Now that we have the principal concepts out of the way in Part I, I’d like to explain the ‘Java Memory Model’, which is a fancy way to describe how the JVM views the world. 

JVM Memory Layout

In broad terms, JVM memory is often referred to in terms of Heap and Non-Heap. Heap memory consists of the New Generation and the Tenured Generation, as mentioned above. The non-heap consists of PermGen – i.e. Permanent Generation. 

The following diagram illustrates the layout:

New Generation

This is the heap-location for new objects. It is regarded as the ‘Speed Efficient’ generation and will contain lots of garbage objects. It is typically smaller than the Tenured Generation, usually set at one-quarter the size of the Tenured Generation, which helps make the GC cycle faster. 

The GC cycles for the New Generation are referred to as ‘Minor GC Cycles’ and they occur much more frequently than GC cycles on the Tenured Generation. As the name suggests, Minor GC Cycles of the New Generation are typically much faster than the Major GC Cycles of the Tenured Generation, which facilitates much shorted ‘pause times’. 

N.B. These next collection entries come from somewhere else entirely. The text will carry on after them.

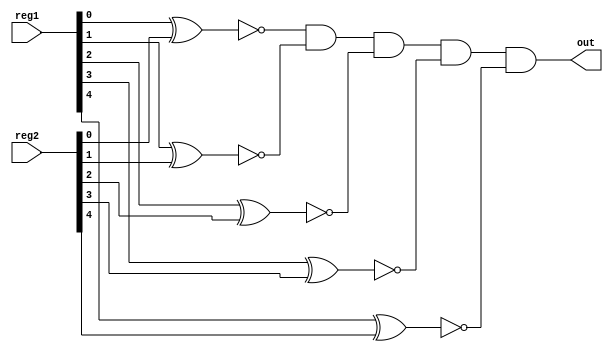
module regEqual(reg1, reg2, out);
	input[4:0] reg1, reg2;
	
	output out;
	
	wire[4:0] w;
//	genvar i;
//	generate
//		for (i = 0; i<5; i=i+1) begin: loop1
//			xnor myxnor(w[i], reg1[i], reg2[i]);
//		end
//	endgenerate
	xnor myxnor0(w[0], reg1[0], reg2[0]);
	xnor myxnor1(w[1], reg1[1], reg2[1]);
	xnor myxnor2(w[2], reg1[2], reg2[2]);
	xnor myxnor3(w[3], reg1[3], reg2[3]);
	xnor myxnor4(w[4], reg1[4], reg2[4]);
	
	and myand(out, w[0], w[1], w[2], w[3], w[4]);

endmodule
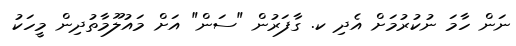
ނަން ހާމަ ނުކުރުމަށް އެދި ކ. ގާފަރުން "ސަން" އަށް މައުލޫމާތުދިން މީހަކު
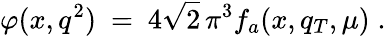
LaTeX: \varphi(x,q^{2})\ =\ 4\sqrt 2\, \pi^{3}f_{a}(x,q_{T},\mu)\; .
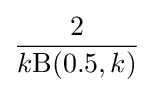
{\frac {2}{k\mathrm {B} (0.5,k)}}
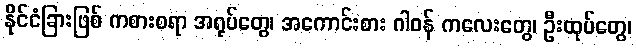
နိုင်ငံခြားဖြစ် ကစားစရာ အရုပ်တွေ၊ အကောင်းစား ဂါဝန် ကလေးတွေ၊ ဦးထုပ်တွေ၊
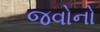
જવોનો
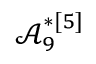
\mathcal { A } _ { 9 } ^ { * [ 5 ] }
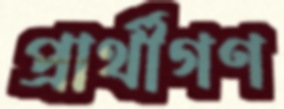
প্রার্থীগণ
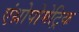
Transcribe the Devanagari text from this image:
एंथ्रोपोमेट्रिक

Generally, your Java application is ‘paused’ while the GC does its job. However, you typically won’t even notice a minor GC cycle in operation. 

Tenured Generation

This is the heap-location for older objects and it is regarded as the ‘Space Efficient’ generation. It is typically larger than the New Generation, occupying most of the heap. 

The GC cycles for the Tenured Generation are referred to as ‘Major GC Cycles’. They are much more expensive than GC cycles on the New Generation and should occur much less frequently. I say ‘should’ here because frequent invocation of major GC cycles likely means your application is in trouble. 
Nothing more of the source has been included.